Based on data going back 90 years, whenever the 12-month rate of change (ROC) in the Dow Jones Industrials Average has exceeded 40 percent, it has generally signaled trouble ahead.
In three cases, a 12-month ROC above that level has only marked a short-term pause, after which the market traded higher.
But on 11 other occasions, similarly rapid advances have been followed by notable corrections, including the collapses that followed the 1929 and dot-com era peaks, as well as the 1987 crash.
Given those odds, increasingly exuberant bulls might want to have a rethink.

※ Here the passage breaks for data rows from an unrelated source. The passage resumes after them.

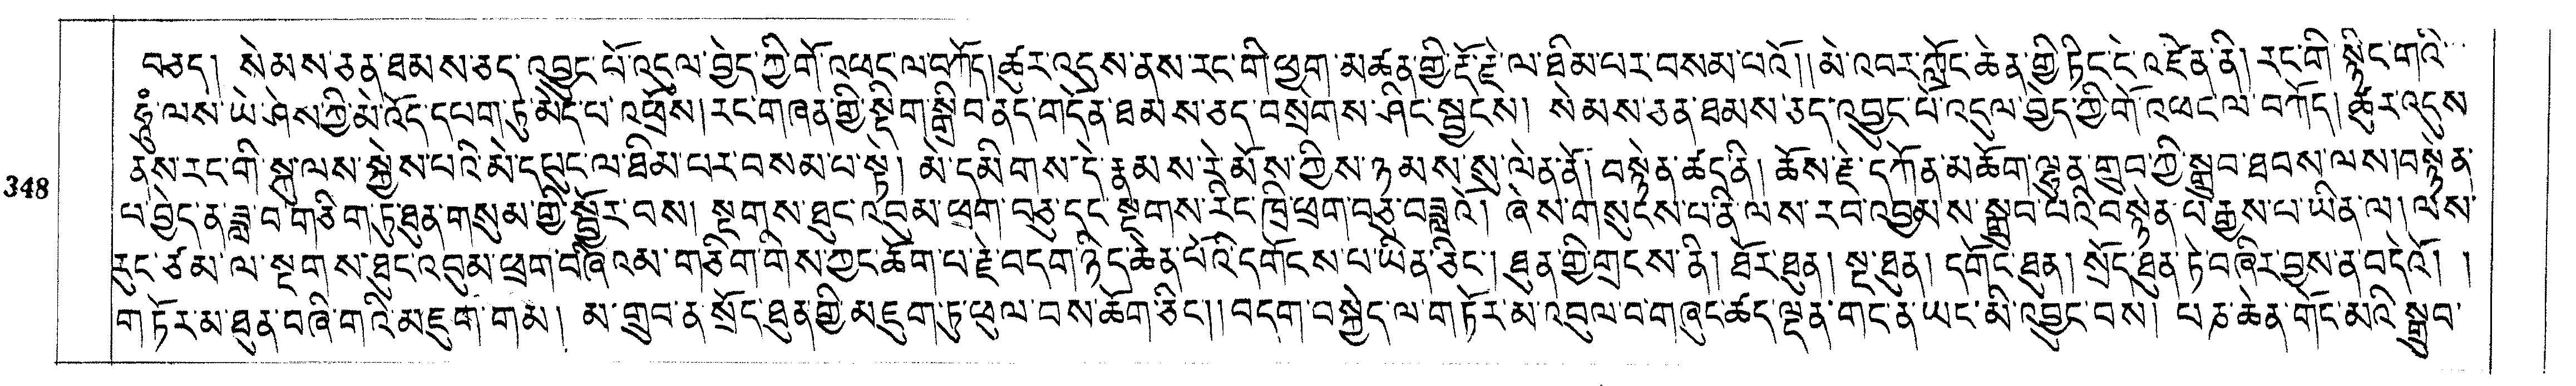བཅད། སེམས་ཅན་ཐམས་ཅད་འབྱུང་པོ་འདུལ་བྱེད་ཀྱི་གོ་འཕང་ལ་བཀོད། ཚུར་འདུས་ནས་རང་གི་ཕྱག་མཚན་གྱི་རྡོ་རྗེ་ལ་ཐིམ་པར་བསམ་པའོ། །མེ་འབར་ཀློང་ཆེན་གྱི་ཏིང་ངེ་འཛིན་ནི། རང་གི་སྙིང་གའི་
ཧཱུཾ་ལས་ཡེ་ཤེས་ཀྱི་མེ་འོད་དཔག་ཏུ་མེད་པ་འཕྲོས། རང་གཞན་གྱི་སྡིག་སྒྲིབ་ནད་གདོན་ཐམས་ཅད་བསྲེགས་ཤིང་སྦྱངས། སེམས་ཅན་ཐམས་ཅད་འབྱུང་པོ་འདུལ་བྱེད་ཀྱི་གོ་འཕང་ལ་བཀོད། ཚུར་འདུས་
ནས་རང་གི་སྐུ་ལས་སྐྱེས་པའི་མེ་དཔུང་ལ་ཐིམ་པར་བསམ་པ་སྟེ། མེ་དམིགས་དེ་རྣམས་རེ་མོས་ཀྱིས་ཉམས་སུ་ལེན་ནོ། བསྙེན་ཚད་ནི། ཆོས་རྗེ་དཀོན་མཆོག་ལྷུན་གྲུབ་ཀྱི་སྒྲུབ་ཐབས་ལས། བསྙེན་
པ་བྱེད་ན་ཟླ་བ་གཅིག་ཏུ་ཐུན་གསུམ་གྱི་སྦྱོར་བས། སྔགས་ཐུང་འབུམ་ཕྲག་བཅུ་དང་སྔགས་རིང་ཁྲི་ཕྲག་བཅུ་བཟླའོ། ཞེས་གསུངས་པ་ནི་ལས་རབ་འབྱམས་སྒྲུབ་པའི་བསྙེན་པ་རྒྱས་པ་ཡིན་ལ། ལས་
རུང་ཙམ་ལ་སྔགས་ཐུང་འབུམ་ཕྲག་བཞིའམ་གཅིག་གིས་ཀྱང་ཆོག་པ་རྗེ་བདག་ཉིད་ཆེན་པོའི་དགོངས་པ་ཡིན་ཅིང་། ཐུན་གྱི་གྲངས་ནི། ཐོར་ཐུན། སྔ་ཐུན། དགོང་ཐུན། སྲོད་ཐུན་ཏེ་བཞིར་བྱས་ན་བདེའོ། །
གཏོར་མ་ཐུན་བཞི་གའི་མཇུག་གམ། མ་གྲུབ་ན་སྲོད་ཐུན་གྱི་མཇུག་ཏུ་ཕུལ་བས་ཆོག་ཅིང་། །བདག་བསྐྱེད་ལ་གཏོར་མ་འབུལ་བ་གཞུང་ཚད་ལྡན་གང་ན་ཡང་མི་འབྱུང་བས། པཎ་ཆེན་གོང་མའི་སྒྲུབ་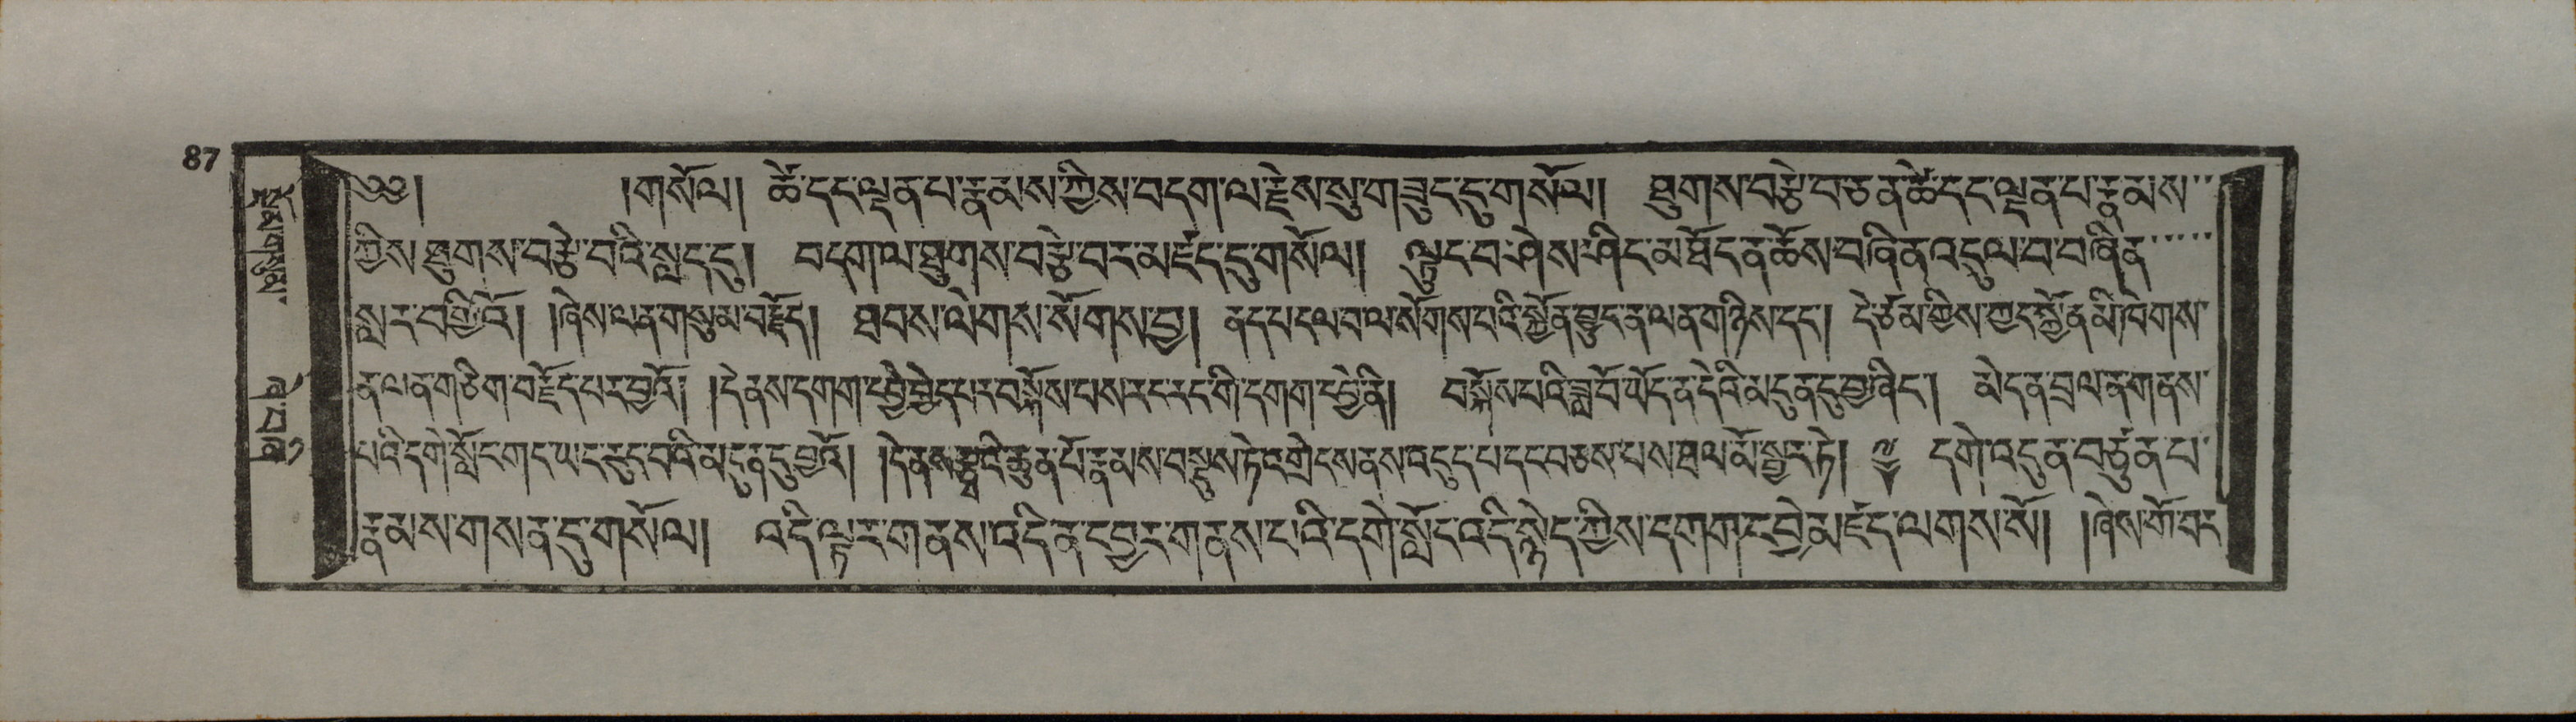༄༅། །གསོལ། ཚེ་དང་ལྡན་པ་རྣམས་ཀྱིས་བདག་ལ་རྗེས་སུ་གཟུང་དུ་གསོལ། ཐུགས་བརྩེ་བ་ཅན་ཚེ་དང་ལྡན་པ་རྣམས་
ཀྱིས་ཐུགས་བརྩེ་བའི་སླད་དུ། བདག་ལ་ཐུགས་བརྩེ་བར་མཛད་དུ་གསོལ། ལྟུང་བ་ཤེས་ཤིང་མཐོང་ན་ཆོས་བཞིན་འདུལ་བ་བཞིན་
སླར་བགྱིའོ། །ཞེས་ལན་གསུམ་བརྗོད།  ཐབས་ལེགས་སོགས་བྱ། ནད་པ་ངལ་བ་ལ་སོགས་པའི་སྐྱོན་བྱུང་ན་ལན་གཉིས་དང་། དེ་ཙམ་གྱིས་ཀྱང་སྐྱོན་མི་ཁེགས་
ན་ལན་གཅིག་བརྗོད་པར་བྱའོ། །དེ་ནས་དགག་དབྱེ་བྱེད་པར་བསྐོས་པས་རང་རང་གི་དགག་དབྱེ་ནི། བསྐོས་པའི་ཟླ་བོ་ཡོད་ན་དེའི་མདུན་དུ་བྱ་ཞིང་། མེད་ན་བྲལ་ན་གནས་
པའི་དགེ་སློང་གང་ཡང་རུང་བའི་མདུན་དུ་བྱའོ། །དེ་ནས་རྩྭའི་ཆུན་པོ་རྣམས་བསྡུས་ཏེ་འགྲེངས་ནས་འདུད་པ་དང་བཅས་པས་ཐལ་མོ་སྦྱར་ཏེ། ༈ དགེ་འདུན་བཙུན་པ་
རྣམས་གསན་དུ་གསོལ། འདི་ལྟར་གནས་འདི་ན་དབྱར་གནས་པའི་དགེ་སློང་འདི་སྙེད་ཀྱིས་དགག་དབྱེ་མཛད་ལགས་སོ། །ཞེས་གོ་བར་

Did you know that writing service furnished people with the excellent written essay just about this topic. But your note could be at the peak point of students’ evaluation.
Posted by: MEADOWSAda29 | March 31, 2010 at 01:11 PM
I subscribe to the FFT newsletter at http://www.forecastfortomorrow.com that guy is calling for a bigger event to come in the next few months. If you look back he has been spot on with things over many years, and someone that should be listened too!
IMHO this greece debt thing and commercial real estate thing could be the next thing to blow up in the US governments face. Time will tell.
Posted by: Tony smith | March 31, 2010 at 06:59 PM
Thanks for the heads up. http://paynecapital.blogspot.com
Posted by: Andrepayne1 | March 31, 2010 at 08:37 PM
Check out this link for a different take on this: http://thetechnicaltakedotcom.blogspot.com/2010/03/different-take.html
Posted by: Guy M. Lerner | April 01, 2010 at 09:05 AM
The only serious down trend on the chart is at 1929. This chart looks like a buy and hoder's dream!
Posted by: Chris | April 04, 2010 at 04:52 PM
I suppose if your investment timeframe is 100 years then it looks like a holder's dream. But reality is that most people have a horizon of some twenty years at best (start saving for retirement at 55 and live to 75).